= Billboard Music Award for Top Rock Album =

Annual American music award

The Billboard Music Award for Top Rock Album winners and nominees. Coldplay, Imagine Dragons, Mumford & Sons, and Twenty One Pilots have won the award twice.

==Winners and nominees==
Winners are listed first and highlighted in bold.

===2000s===

| Year | Album | Artist | Ref. |
| 2006 | All the Right Reasons | Nickelback |  |
| Back to Bedlam | James Blunt |
| Stadium Arcadium | Red Hot Chili Peppers |
| 2007-09 | —N/a |  |  |

===2010s===

| Year | Album | Artist | Ref. |
| 2010 | —N/a |  |  |
| 2011 | Sigh No More | Mumford & Sons |  |
| Born Free | Kid Rock |
| To the Sea | Jack Johnson |
| Brothers | The Black Keys |
| A Thousand Suns | Linkin Park |
| 2012 | Mylo Xyloto | Coldplay |  |
| Torches | Foster the People |
| Wasting Light | Foo Fighters |
| Here and Now | Nickelback |
| Sigh No More | Mumford & Sons |
| 2013 | Babel | Mumford & Sons |  |
| Some Nights | Fun |
| The Lumineers | The Lumineers |
| My Head Is an Animal | Of Monsters and Men |
| The World from the Side of the Moon | Phillip Phillips |
| 2014 | Night Visions | Imagine Dragons |  |
| Born to Die | Lana Del Rey |
| Save Rock and Roll | Fall Out Boy |
| Pure Heroine | Lorde |
| Babel | Mumford & Sons |
| 2015 | Ghost Stories | Coldplay |  |
| Rock or Bust | AC/DC |
| Turn Blue | The Black Keys |
| Hozier | Hozier |
| Pure Heroine | Lorde |
| 2016 | Blurryface | Twenty One Pilots |  |
| Sound & Color | Alabama Shakes |
| Blackstar | David Bowie |
| A Head Full of Dreams | Coldplay |
| Wilder Mind | Mumford & Sons |
| 2017 | Hardwired... to Self-Destruct | Metallica |  |
| A Moon Shaped Pool | Radiohead |
| Blurryface | Twenty One Pilots |
| Cleopatra | The Lumineers |
| The Getaway | Red Hot Chili Peppers |
| 2018 | Evolve | Imagine Dragons |  |
| Death of a Bachelor | Panic! at the Disco |
| One More Light | Linkin Park |
| Songs of Experience | U2 |
| Woodstock | Portugal.

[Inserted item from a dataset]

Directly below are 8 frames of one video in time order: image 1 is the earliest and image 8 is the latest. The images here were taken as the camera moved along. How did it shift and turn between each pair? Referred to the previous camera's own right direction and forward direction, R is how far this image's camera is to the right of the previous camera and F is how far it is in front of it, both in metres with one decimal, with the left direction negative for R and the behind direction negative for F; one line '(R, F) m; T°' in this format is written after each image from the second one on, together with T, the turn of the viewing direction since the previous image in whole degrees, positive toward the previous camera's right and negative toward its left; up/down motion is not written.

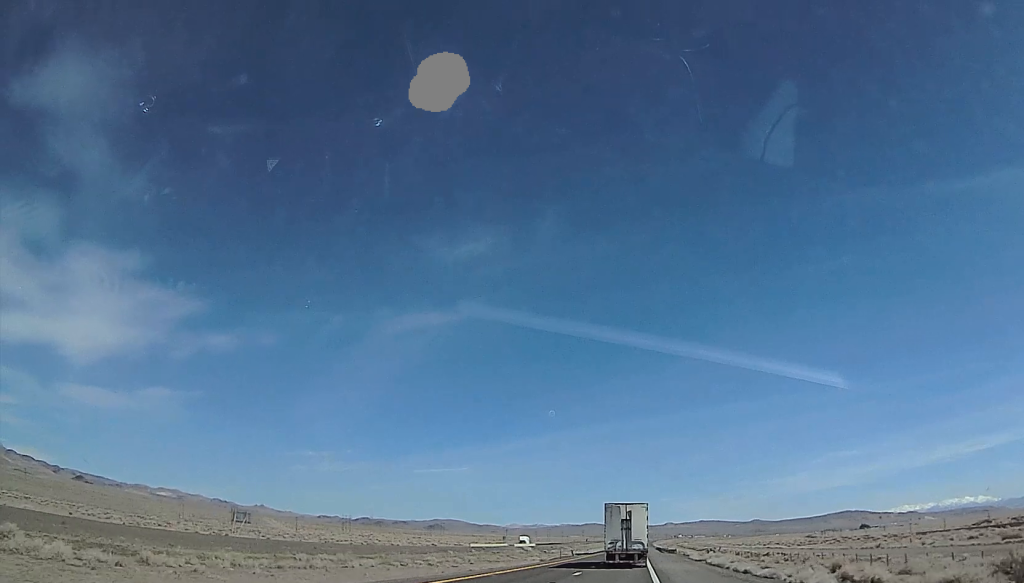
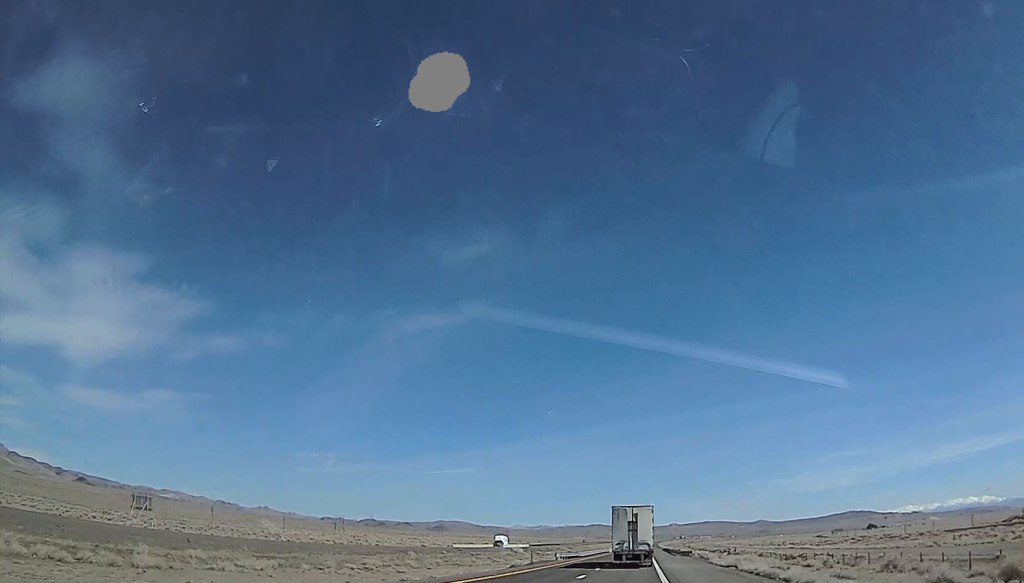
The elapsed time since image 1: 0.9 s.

The Man |
| 2019 | Pray For The Wicked | Panic! at the Disco |  |
| Come Tomorrow | Dave Matthews Band |
| Origins | Imagine Dragons |
| Delta | Mumford & Sons |
| Trench | Twenty One Pilots |

===2020s===

| Year | Album | Artist | Ref. |
| 2020 | Fear Inoculum | Tool |  |
| III | The Lumineers |
| We Are Not Your Kind | Slipknot |
| The Slow Rush | Tame Impala |
| Father of the Bride | Vampire Weekend |
| 2021 | Tickets to My Downfall | Machine Gun Kelly |  |
| Power Up | AC/DC |
| Plastic Hearts | Miley Cyrus |
| Dreamland | Glass Animals |
| Letter to You | Bruce Springsteen |
| 2022 | Scaled and Icy | Twenty One Pilots |  |
| OK Orchestra | AJR |
| Music of the Spheres | Coldplay |
| Mercury – Act 1 | Imagine Dragons |
| Sob Rock | John Mayer |
| 2023 | American Heartbreak | Zach Bryan |  |
| The Mockingbird & the Crow | Hardy |
| Whitsitt Chapel | Jelly Roll |
| Stick Season | Noah Kahan |
| Gemini Rights | Steve Lacy |
| 2024 | Stick Season | Noah Kahan |  |
| The Great American Bar Scene | Zach Bryan |
| Zach Bryan | Zach Bryan |
| Unheard | Hozier |
| Rockstar | Dolly Parton |

==Multiple wins and nominations==
===Wins===
- 2 (Coldplay, Imagine Dragons, Mumford & Sons, Twenty One Pilots)

===Nominations===
- 6 (Mumford & Sons); 4 (Coldplay, Imagine Dragons, Twenty One Pilots); 3 (Zach Bryan, The Lumineers); 2 (Linkin Park, The Black Keys, Hozier, Noah Kahan, Lorde, Nickelback, Panic! at the Disco)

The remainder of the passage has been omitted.